Sebelumnya, Indonesia sangat bergantung terhadap badan-badan kemanusiaan internasional dan PBB untuk menyediakan bantuan selama krisis kemanusiaan, akan tetapi sejak pemerintah melancurkan kampanye militer melawan kelompok separatis Gerakan Aceh Merdeka (GAM) 19 Mei 2003 lalu, pemberian bantuan dari badan-badan internasional sangat dibatasi.
“Pemerintah Indonesia seharusnya tidak menghalangi bantuan kemanusiaan dimasa-masa kritis seperti ini,” kata Adams. “Rakyat Aceh dapat menghadapi bahaya yang lebih besar dengan ditutupnya akses bantuan kemanusiaan. Sudah saatnya Indonesia untuk membuka propinsi tersebut bagi pengamat luar dan membiarkan melakukan tugas mereka.”
Operasi militer di Aceh merupakan operasi militer terbesar di Indonesia sejak penyerbuan di Timor Timur pada tahun 1975. Kampanye militer di Aceh melibatkan sekitar 30.000 pasukan tentara.
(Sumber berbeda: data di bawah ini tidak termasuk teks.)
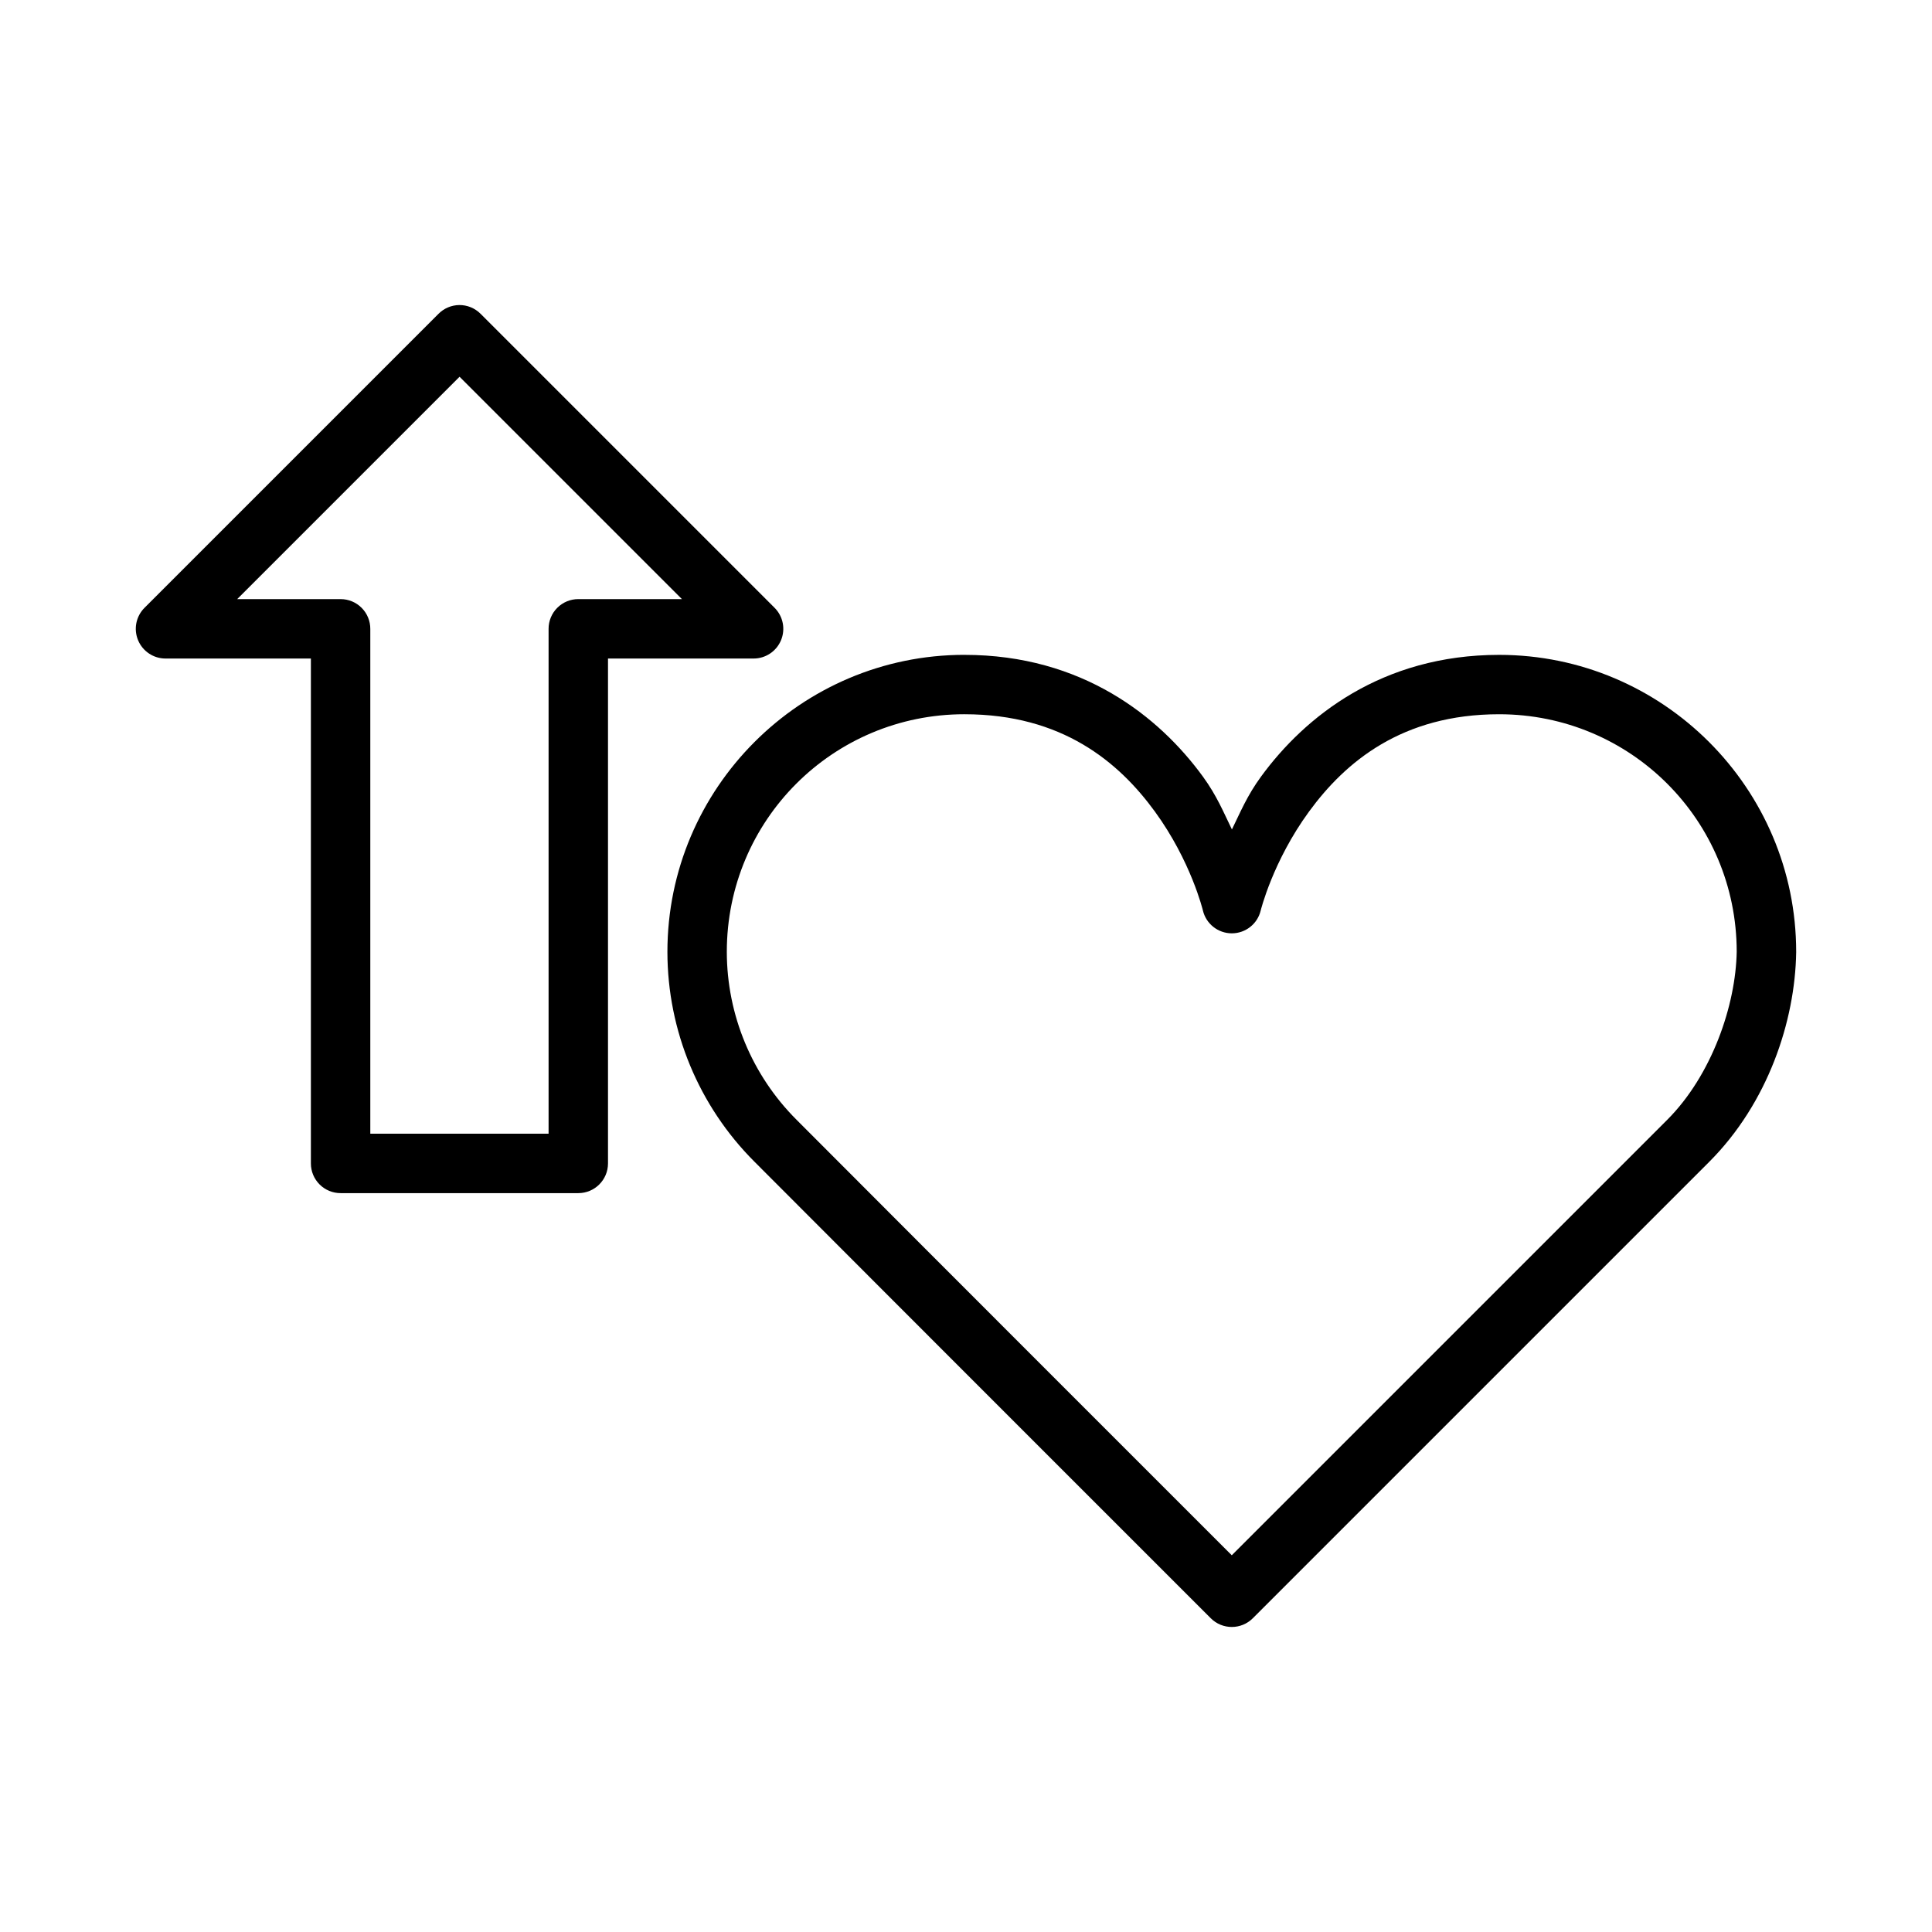<?xml version="1.0" encoding="UTF-8"?>
<!-- Uploaded to: ICON Repo, www.iconrepo.com, Generator: ICON Repo Mixer Tools -->
<svg fill="#000000" width="800px" height="800px" version="1.1" viewBox="144 144 512 512" xmlns="http://www.w3.org/2000/svg">
 <g>
  <path d="m265.67 224.84c-2.055 0.035-4.016 0.867-5.461 2.324l-77.926 77.926c-2.246 2.254-2.914 5.637-1.691 8.574 1.219 2.938 4.09 4.852 7.269 4.852h38.527v133.83c0.004 2.09 0.844 4.09 2.324 5.559 1.484 1.473 3.488 2.293 5.578 2.285h62.992c4.324-0.012 7.828-3.519 7.844-7.844v-133.83h38.586c3.18 0 6.047-1.914 7.269-4.852 1.219-2.938 0.555-6.32-1.691-8.574l-77.926-77.926c-1.504-1.516-3.559-2.352-5.695-2.324zm0.117 19.004 58.926 58.926h-27.43c-2.102-0.012-4.113 0.82-5.598 2.305-1.484 1.48-2.316 3.496-2.305 5.598v133.77h-47.246v-133.77c0.008-2.09-0.812-4.098-2.285-5.578-1.469-1.484-3.469-2.32-5.559-2.324h-27.43z"/>
  <path d="m399.59 317.54c-43.383 0-78.719 35.336-78.719 78.719v0.004 0.016c0.02 20.867 8.328 40.867 23.094 55.613 42.023 42.129 120.91 120.97 120.91 120.97l-0.004-0.004c3.074 3.074 8.059 3.074 11.133 0l120.94-120.94c15.539-15.539 22.77-37.254 23.062-55.535v-0.117c0-43.383-35.336-78.719-78.719-78.719-31.102 0-51.504 16.391-63.098 32.258-3.715 5.082-5.473 9.434-7.719 14.008-2.234-4.574-3.984-8.922-7.688-14.008-11.57-15.875-31.98-32.258-63.191-32.258zm0 15.742c25.875 0 40.891 12.648 50.477 25.801 9.582 13.152 12.715 26.199 12.715 26.199v0.004c0.84 3.543 4.004 6.047 7.644 6.055 3.644 0.008 6.816-2.484 7.668-6.027 0 0 3.188-13.066 12.809-26.23 9.617-13.16 24.645-25.801 50.383-25.801 34.852 0 62.926 28.07 62.961 62.914-0.242 14.102-6.535 32.688-18.434 44.586l-115.38 115.38c-6.695-6.691-75.277-75.234-115.34-115.41-11.816-11.801-18.465-27.812-18.48-44.512 0.008-34.867 28.105-62.961 62.977-62.961z"/>
 </g>
</svg>

Melawan mereka adalah diperkirakan sekitar 5000 anggota bersenjata GAM.
Pertempuran yang berlangsung antara tentara Indonesia dan GAM, termasuk serangan terhadap konpoi makanan, telah memutuskan persediaan makanan dan air minum, menggangu saluran listrik, komunikasi dan pelayanan kesehatan.
Peringatan awal atas krisis kemanusiaan telah disampaikan oleh sumber-sumber media dan LSM kemanusiaan Indonesia yang telah memperhatikan kekurangan makanan, minuman, dan fasilitas sanitasi yang dialami oleh ribuan masyarakat sipil yang meninggalkan rumah mereka akibat konflik.
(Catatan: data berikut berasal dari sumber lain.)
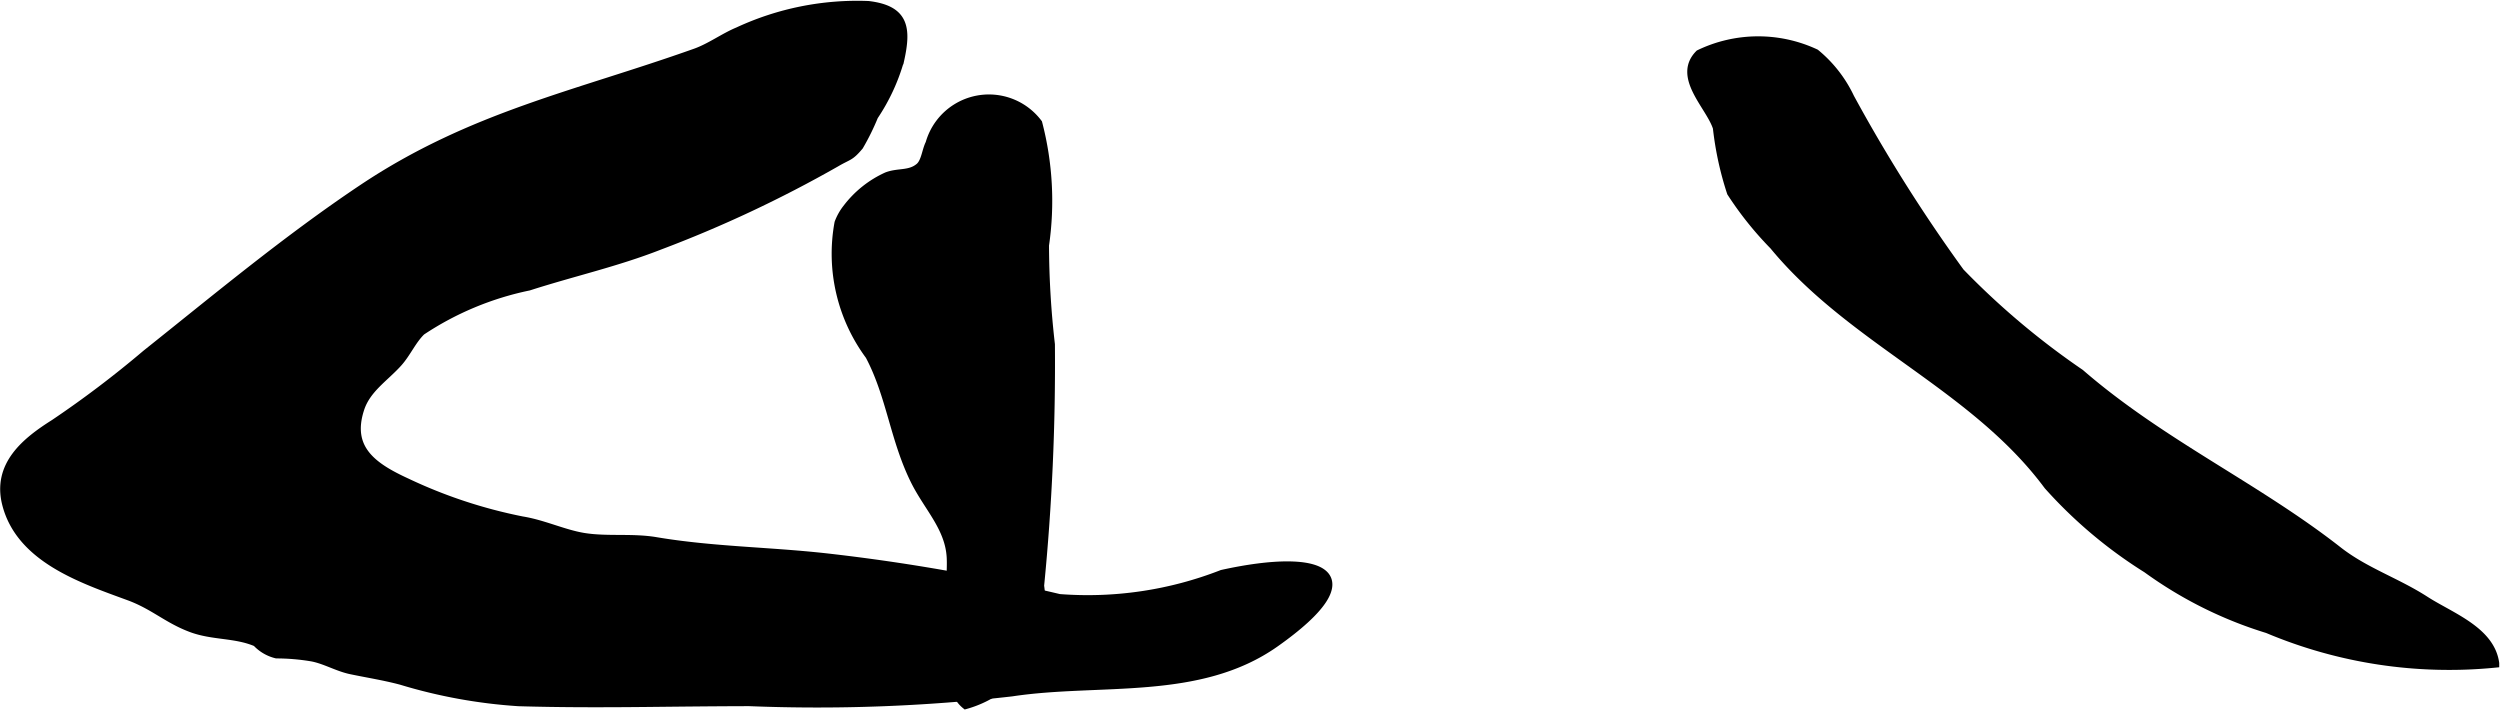 <?xml version="1.0" encoding="UTF-8"?>
<svg xmlns="http://www.w3.org/2000/svg"
     version="1.1"
     width="14.944mm"
     height="4.243mm"
     viewBox="0 0 42.36 12.029">
   <defs>
      <style type="text/css"><![CDATA[
      .a {
        stroke: #000;
        stroke-miterlimit: 10;
        stroke-width: 0.15px;
        fill-rule: evenodd;
      }
    ]]></style>
   </defs>
   <path class="a"
         d="M28.796.918a2.295,2.295,0,0,1,1.966-.012,2.172,2.172,0,0,1,.585.751,27.006,27.006,0,0,0,1.866,2.958,13.166,13.166,0,0,0,2.035,1.714c1.37,1.188,2.985,1.922,4.37,3.007.454.355.99.527,1.478.842.429.276,1.103.511,1.179,1.062a7.92,7.92,0,0,1-3.85-.584,6.945,6.945,0,0,1-2.045-1.02,7.764,7.764,0,0,1-1.674-1.41c-1.25-1.686-3.317-2.449-4.649-4.066a5.733,5.733,0,0,1-.72-.899,5.413,5.413,0,0,1-.238-1.096C28.985,1.797,28.412,1.305,28.796.918Z"/>
   <path class="a"
         d="M14.352,3.532a1.762,1.762,0,0,1,.676-.54c.197-.075.389-.018.554-.159.101-.086.114-.287.173-.398a1.039,1.039,0,0,1,1.83-.346,5.213,5.213,0,0,1,.114,2.068,14.991,14.991,0,0,0,.1,1.68,38.411,38.411,0,0,1-.183,4.09,2.067,2.067,0,0,1-.171,1.169,1.809,1.809,0,0,1-1.083.845c-.497-.405-.216-1.919-.247-2.496-.027-.502-.381-.844-.604-1.285-.356-.706-.415-1.456-.776-2.136a2.895,2.895,0,0,1-.522-2.245A.915.915,0,0,1,14.352,3.532Z"/>
   <path class="a"
         d="M10.927,11.906c-.715.007-1.429.008-2.14-.013a8.775,8.775,0,0,1-1.99-.362c-.284-.076-.573-.121-.85-.179-.233-.048-.45-.183-.682-.221a3.681,3.681,0,0,0-.581-.048.678.678,0,0,1-.34-.199c-.358-.154-.74-.107-1.105-.244-.409-.153-.634-.385-1.062-.541-.786-.289-1.837-.637-2.07-1.562-.164-.653.329-1.052.81-1.355A17.626,17.626,0,0,0,2.476,6.001c1.202-.958,2.384-1.944,3.663-2.8,1.846-1.234,3.628-1.587,5.645-2.305.248-.088.488-.265.721-.361a4.79,4.79,0,0,1,2.206-.443c.609.073.655.377.534.924a3.325,3.325,0,0,1-.44.95,4.051,4.051,0,0,1-.25.507c-.162.192-.174.153-.397.284a20.979,20.979,0,0,1-2.988,1.403c-.727.285-1.456.446-2.213.689a5.171,5.171,0,0,0-1.82.76c-.157.15-.249.371-.396.535-.228.254-.536.442-.646.784-.222.683.22.988.793,1.251a8.353,8.353,0,0,0,1.955.647c.363.059.699.222,1.039.279.399.066.825.004,1.228.072.965.163,1.924.167,2.888.275a33.128,33.128,0,0,1,3.949.69,6.262,6.262,0,0,0,2.761-.41c1.754-.386,2.529.01.896,1.162-1.292.911-2.972.607-4.464.833a28.937,28.937,0,0,1-4.445.165C12.107,11.893,11.518,11.9,10.927,11.906Z"/>
</svg>

Human Rights Watch juga meminta PBB untuk terus menekan Indonesia supaya diadakan penyelidikan bebas guna mengetahui kebutuhan masyarakat sipil di Aceh, sekaligus memastikan terpenuhinya kebutuhan mereka.
Dalam laporannya, Human Rights Watch meminta pemerintah Indonesia untuk:
- Menyediakan akses secepatnya dan tanpa halangan di seluruh Aceh kepada semua badan-badan kemanusiaan imparsial untuk mendistribusikan dan memonitor bantuan.
- Memfasilitasi, daripada menghalangi, gerakan pekerja-pekerja kemanusiaan di Propinsi Aceh.
- Mengakhiri adanya persyaratan bahwa bantuan kemanusiaan harus disalurkan melalui pejabat-pejabat berwenang di Indonesia, dan mengizinkan badan-badan kemanusiaan untuk mendistribusikan bantuan secara langsung kepada penduduk Aceh yang membutuhkan.
- Mengizinkan akses kepada agen-agen PBB dan LSM-LSM yang dapat membantu melindungi masyarakat sipil, khususnya para pengungsi.
- Mengambil tindakan untuk mencegah terjadinya serangan terhadap badan dan pekerja kemanusiaan, serta menindak siapapun yang melakukan serangan.